My focus whiplashes around, trying to figure out Mom and Chrissy’s relationship—of which I thought was mainly civil distance—and then centering back on the familiar topic of work. “Thanks. Ben’s taught me so much. Hopefully, I can fill his big shoes when he leaves.”

I’ll bitch about Ben to Mom because she knows I’m venting and truly respect him, but I would never say a rude word about him, or anyone else for that matter, to Aunt Chrissy. She’s of the “if you don’t have anything nice to say, come sit by me” gossip mentality, and I don’t have the time, patience, or manners to put up with that. Especially in a town the size of Cold Springs.

“You just do your best.” The motto is less encouragement and more condescension, but I force myself to flash a polite, politician’s-family smile.

Mom walks Chrissy back to the door, and though I shovel in a few bites of shrimp and rice while she’s gone, I’m mostly thinking about what Chrissy said.

“Holy wowww,” Mom drawls out as she sits back down. “That was unexpected.”

“Unexpected? The look on your face told me you expected it!”

Mom shakes her head. “Just rumblings at tennis over the weekend.”

“Rumblings? Mom, that was some crazy bullshit!” I explode. “Divorce, baby, property division? I mean, when did our family turn into a soap opera? What’s Jed thinking?”

Mom chuckles at my outburst. “I don’t know what Jed’s up to. Don’t really give two shits, if I’m honest.” I whistle at Mom’s uncommon use of a curse word, and she grins behind a hand. “He almost ran Bill into the ground. Did cut several years off his life, far as I’m concerned, and I wouldn’t piddle on him if he was on fire.” That’s a top-tier insult from Mom. Actually, come to think of it . . . I don’t think I’ve ever heard her say anything that violent. About anyone. “But if he’s up to no good again, especially in the way Chrissy says, she deserves at least half for helping him become the success he is.” Mom shakes her head sadly. “She’s been wearing rose-colored glasses where that man’s concerned for entirely too long. It’s about time she sees the truth. I hope she makes him pay for every asshole-ish thing he’s done.”

“Dayum, go, Mom,” I deadpan. “Right for the jugular without a single remorseless cell in your body.”

“Wren!” Mom scolds. “You’re awful.”

But I grin. “It was a compliment.”

It really was.

Chapter 3

WREN

“Ben, I’ve got this. You haven’t read a divorce proceeding in forty years. I handled dozens of them during my internships.” I’m trying to reassure Ben, but he’s not having it. His head is shaking back and forth the whole time I’m speaking.

“It’s only been thirty, and this is nothing like whatever amicable splits they had you work on in school. This is the big time, and might affect Cold Springs for decades. Maybe longer.” He opens a file folder on his desk, flipping through the pages so quickly, there’s no way he can focus on one before he goes to the next.

“Which will be the tenure when I’m here as city attorney and you’re enjoying the view from your front porch,” I remind him gently. “You’ve earned that and shouldn’t have to worry about this.

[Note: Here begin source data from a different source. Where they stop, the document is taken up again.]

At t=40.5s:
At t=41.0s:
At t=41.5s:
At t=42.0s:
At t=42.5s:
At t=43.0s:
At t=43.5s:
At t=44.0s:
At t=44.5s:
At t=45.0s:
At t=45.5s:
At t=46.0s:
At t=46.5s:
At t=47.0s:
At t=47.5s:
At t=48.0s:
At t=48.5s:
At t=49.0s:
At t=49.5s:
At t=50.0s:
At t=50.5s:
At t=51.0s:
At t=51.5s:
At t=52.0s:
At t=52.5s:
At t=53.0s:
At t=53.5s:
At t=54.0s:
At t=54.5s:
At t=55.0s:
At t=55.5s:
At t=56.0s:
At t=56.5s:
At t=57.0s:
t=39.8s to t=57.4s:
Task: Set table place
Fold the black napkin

I won’t mess it up. You can trust me.”

Ben flops back in his tufted executive chair, the only nod to his stature at city hall. The old, well-oiled leather creaks mellowly from years of use as he steeples his hands beneath his chin and peers at me from behind his thick black-framed glasses. “Walk me through it.”

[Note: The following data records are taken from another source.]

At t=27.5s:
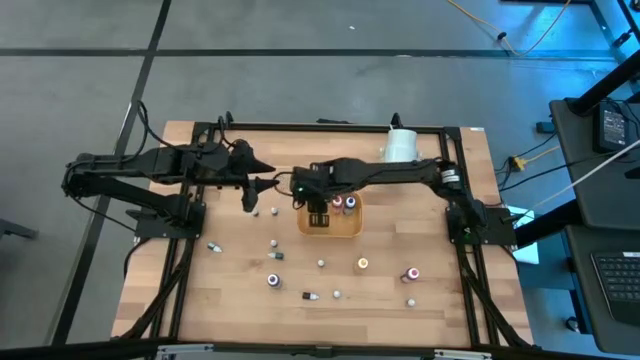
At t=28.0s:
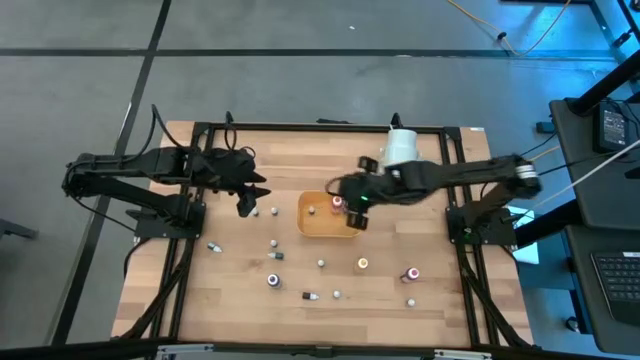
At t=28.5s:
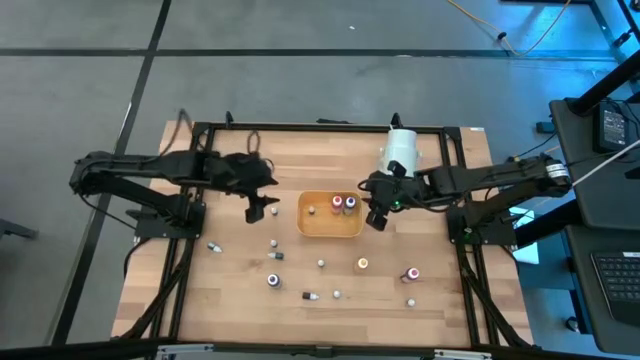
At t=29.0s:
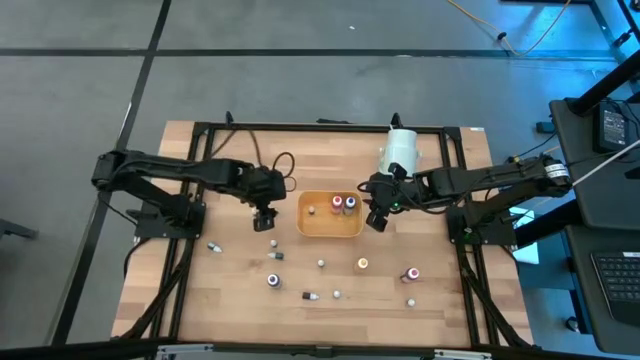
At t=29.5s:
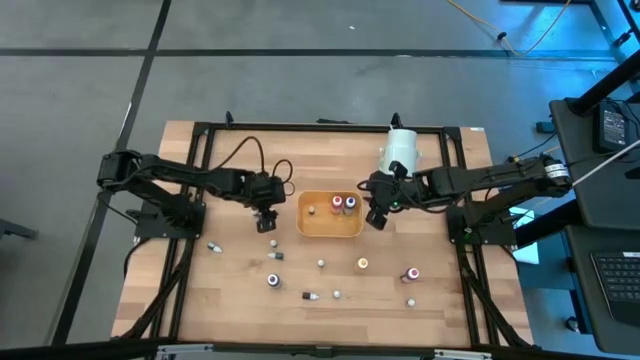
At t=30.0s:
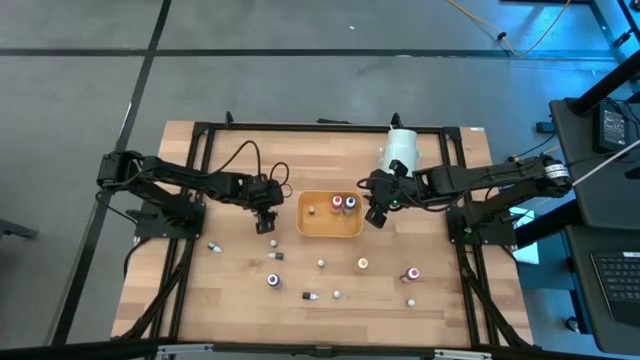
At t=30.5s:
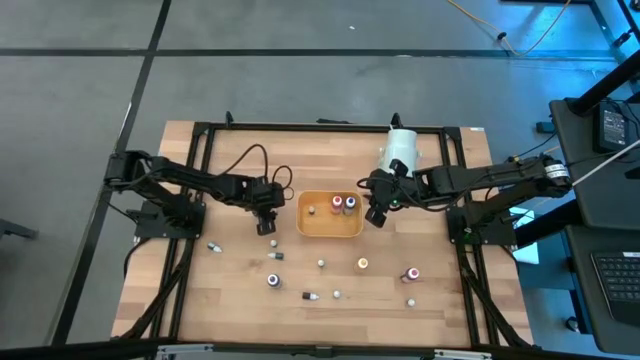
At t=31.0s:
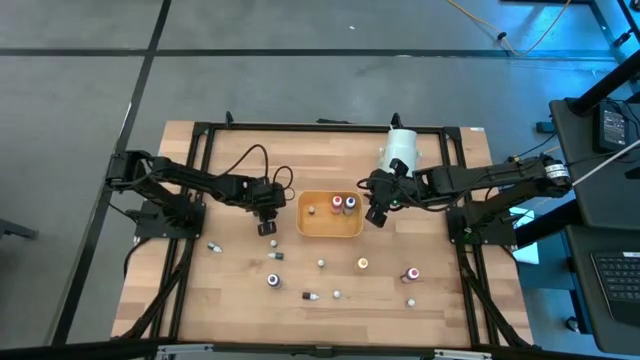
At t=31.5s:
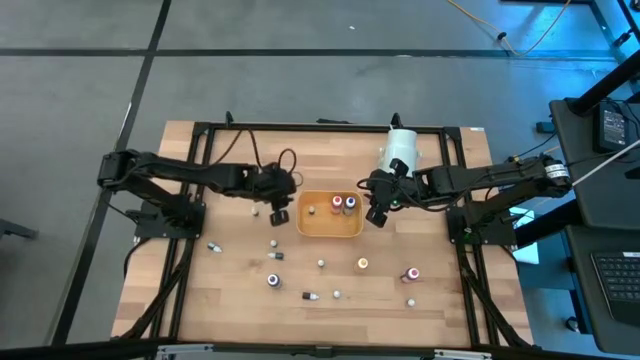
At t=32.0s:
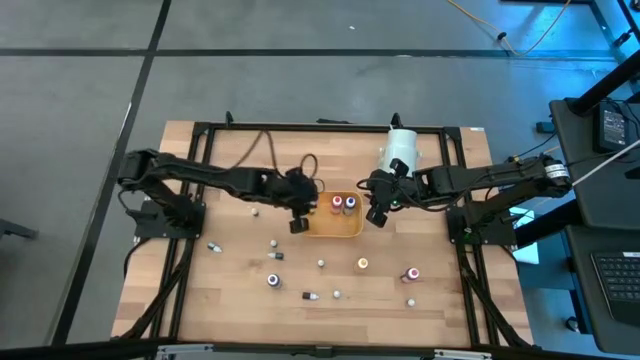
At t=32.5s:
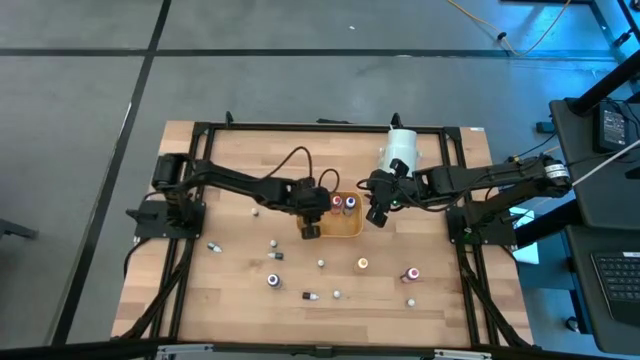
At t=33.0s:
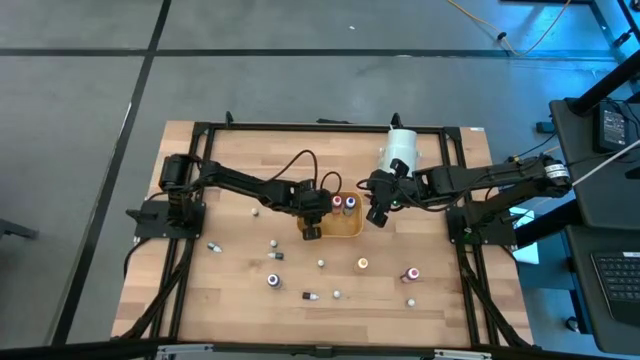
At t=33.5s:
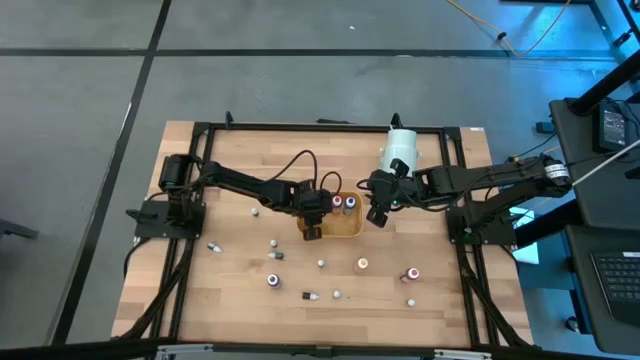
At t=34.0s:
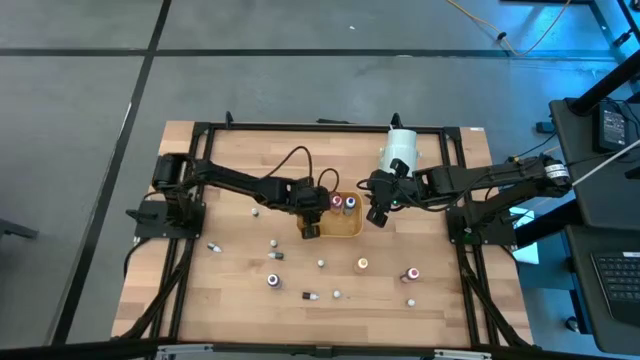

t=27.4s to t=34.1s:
Task: Pick & Place food coloring
Put the small purple food coloring bottle into the yellow bin

He’s handing me the rope to hang myself. It’s the way he’s taught me everything over the years, which is one of the reasons I chose to work with Ben instead of some fancy law firm where I’d be relegated to years of grunt work. Ben demands greatness from me, and I’m well versed in what he expects to hear.

“First, the contract for Township—it will be the driving force behind the city’s position for the property distribution. Want me to quote it to you?” I ask with a twinkle in my eye.

A bushy brow appears above Ben’s glasses as he silently and wryly tells me to get on with it. We wrote that contract together last year, and he knows that I could recite the whole thing verbatim, backward and forward, as well as explain every nuanced detail of it. Township might be one of Jed’s construction company’s babies, but that contract is one of mine, and it’s tighter than a one-size-fits-all Spanx bodysuit.